The 100-Million-Year Button Volume 4, or I Kept Pressing the 100-Million-Year Button and Came Out on Top: The Unbeatable Reject Swordsman Volume 4, veers more into ecchi this volume. Those brief moments feel more harmful to some characters rather than the story. But it adds a layer of laughs since these are kids. With club drama brewing and more rivalries, The 100-Million-Year Button Volume 4 broadens the opponents. It also brings lighter moments while elevating the danger.
Created by Yutaro Shido with an original story by Syuichi Tsukishima and character design by Mokyu, the volume has Allen and Lia heading to school for another day of witchblade training. The Yen Press manga, translated by Daniel Luke Hutton and lettered by Arbash Mughal, cranks up to mayhem because it’s the start of club recruiting, and groups are out in force on campus. Within four chapters, The 100-Million-Year Button Volume 4 moves from school challenges to beach battles and assassination attempts, ensuring little boredom.
The 100-Million-Year Button Volume 4 Satirizes Club Recruitment
It’s understandable, as club funds often depend on the amount of members. So, many students will recall experiencing club bombardment as they jockey for one’s attention. Here, it’s overwhelming in a mental and physical sense. Various clubs, from judo to cheering, charge at Allen and Lia. Of course, by the time they reach class, fliers are plastered all over them. Though unclear how this level of force helps with headhunting new members, but no one can deny these members’ zeal. It’s like strangers who harass folks for signatures and donations. But instead of one demanding person, try a dozen all charging at you.

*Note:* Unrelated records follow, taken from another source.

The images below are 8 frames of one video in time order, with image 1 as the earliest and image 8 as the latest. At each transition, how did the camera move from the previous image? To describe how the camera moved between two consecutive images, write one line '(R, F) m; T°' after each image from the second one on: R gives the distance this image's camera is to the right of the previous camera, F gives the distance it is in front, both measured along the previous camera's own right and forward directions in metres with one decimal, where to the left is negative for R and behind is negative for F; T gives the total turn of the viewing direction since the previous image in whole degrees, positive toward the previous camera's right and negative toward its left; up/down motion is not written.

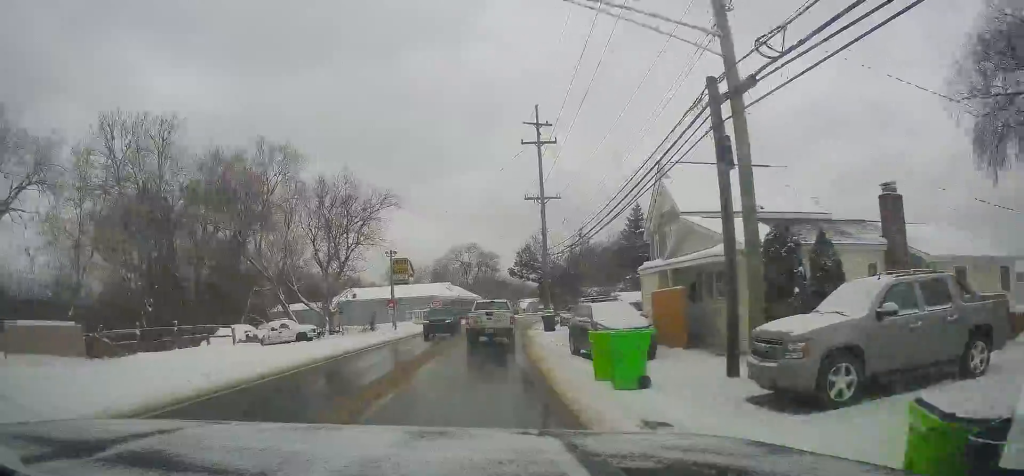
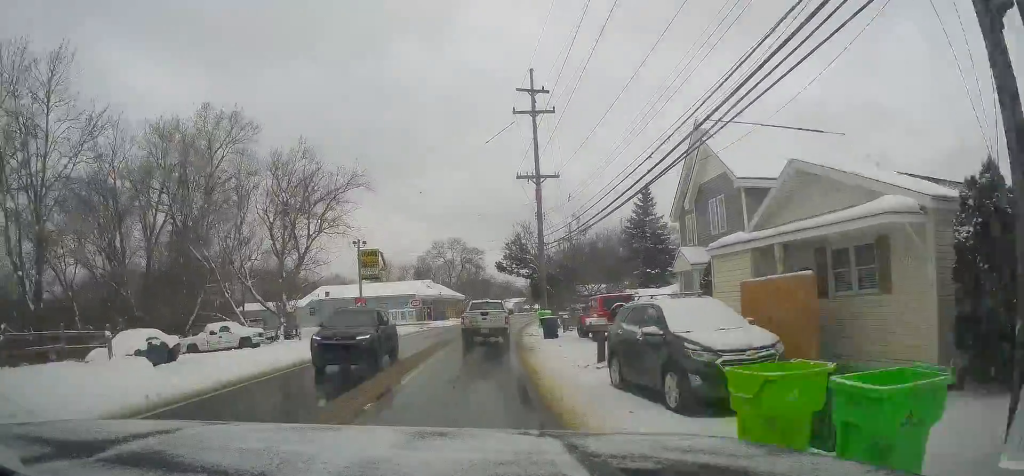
(+0.3, +8.0) m; +2°
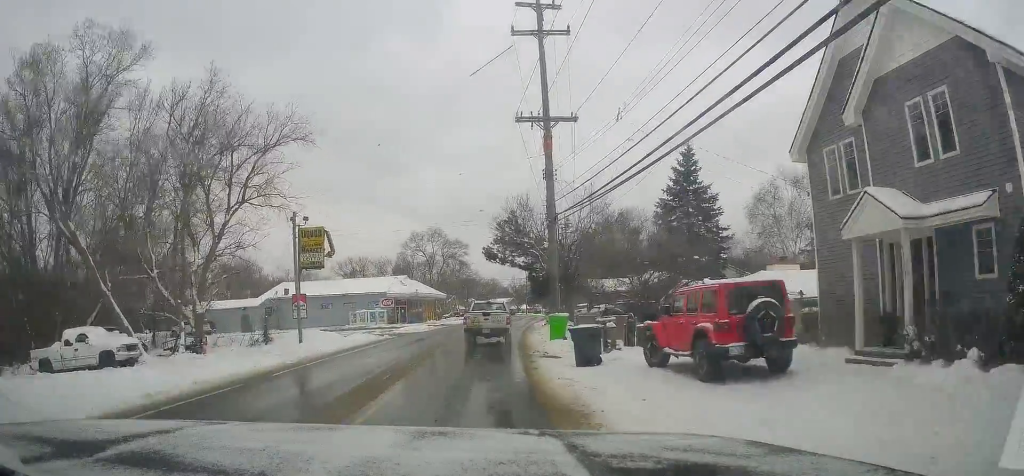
(+0.2, +12.7) m; +3°
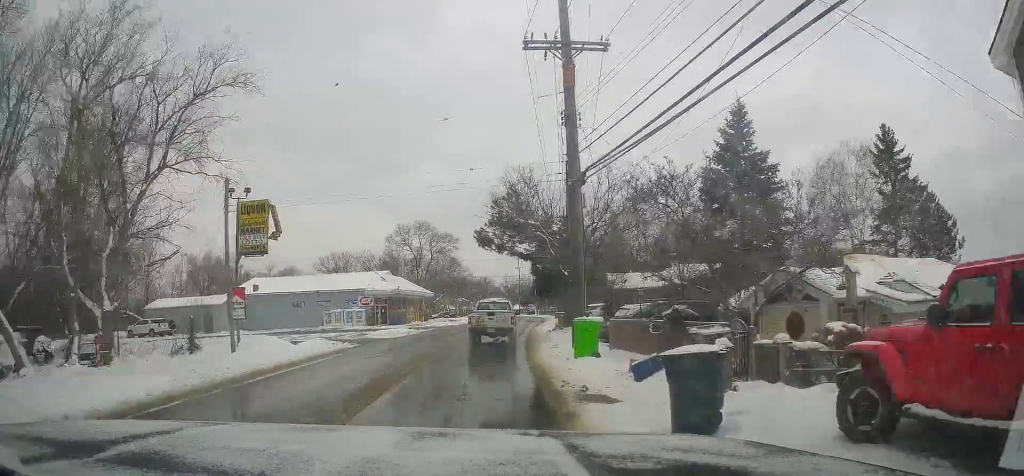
(+0.1, +8.1) m; +1°
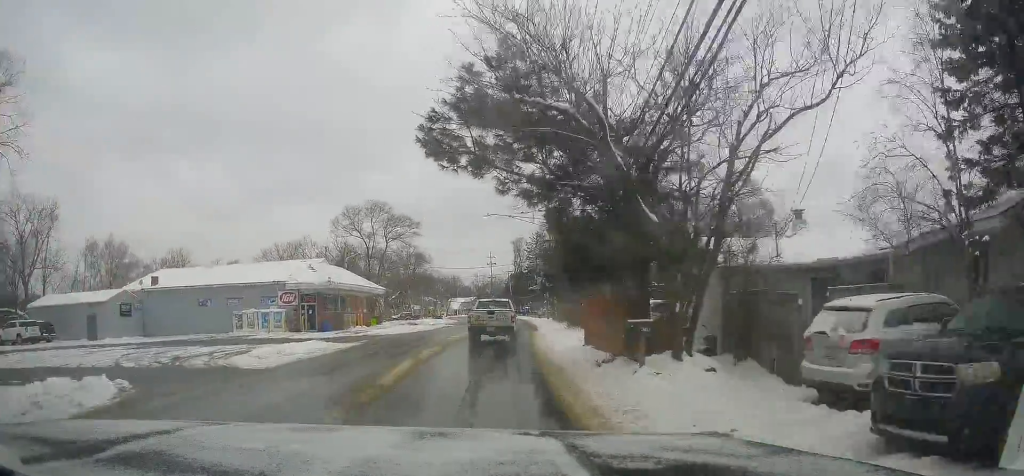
(0.0, +17.1) m; +2°
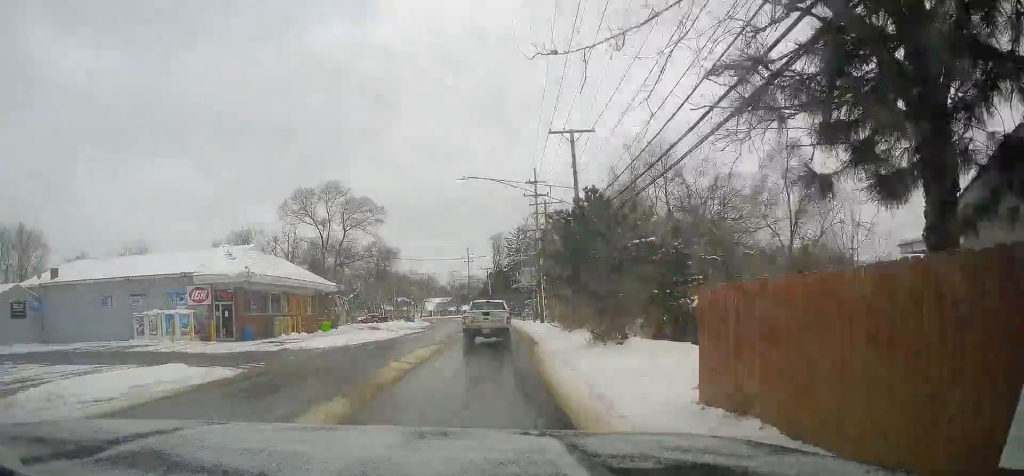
(+0.6, +12.1) m; +4°
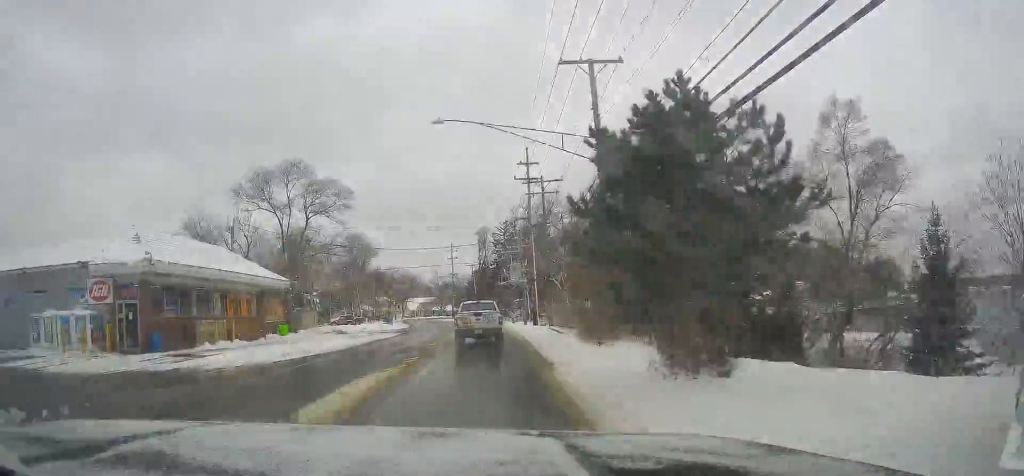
(+0.3, +9.2) m; +1°
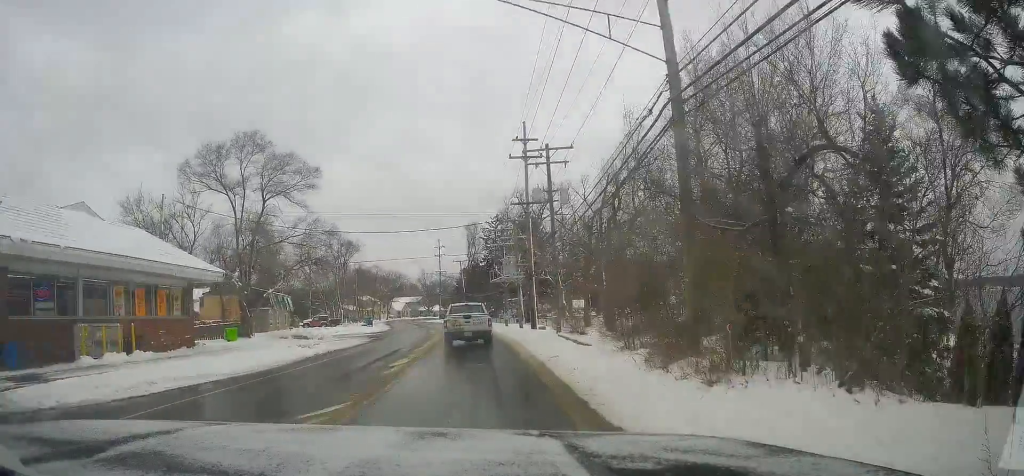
(0.0, +9.3) m; -2°

This light humor soon segues into actual stakes. After recruiting comes funding, but this school determines funding by clubs fighting, and the winning club gets the most. Still, though there’s action and readers glimpse Allen’s soul attire about to bust free, it’s all in good fun. The 100-Million-Year Button Volume 4 keeps an essentially fun and exciting flow until the trio, Allen, Lia, and Rose, head to the beach with the three girls who head the student council, Shii, Tirith, and Lilum.
Battles With a Side of Ecchi
The beach setting feels like it only exists for the ecchi moments with Allen surrounded by Lia and Rose with the addition of Shii, Tirith, and Lilum from the student council. Those moments do not detract from the series, but they also do not feel genuine. It makes each girl interchangeable. An assassination attempt out of the blue returns the action, but there’s little explanation for now. Hopefully, the series does not drag it out to keep readers returning and focuses on building the trio at the story’s center.
The 100-Million-Year Button Volume 4 adds new characters and adventures. However, relationships need to expand beyond fights and ecchi moments. Most of the conversations do not add any enlightening character traits. Aside from Allen’s button journey, there are few details to discern between the characters. With so many battles and more on the horizon, The 100-Million-Year Button Volume 4 builds up danger and drama, even as it skirts character development.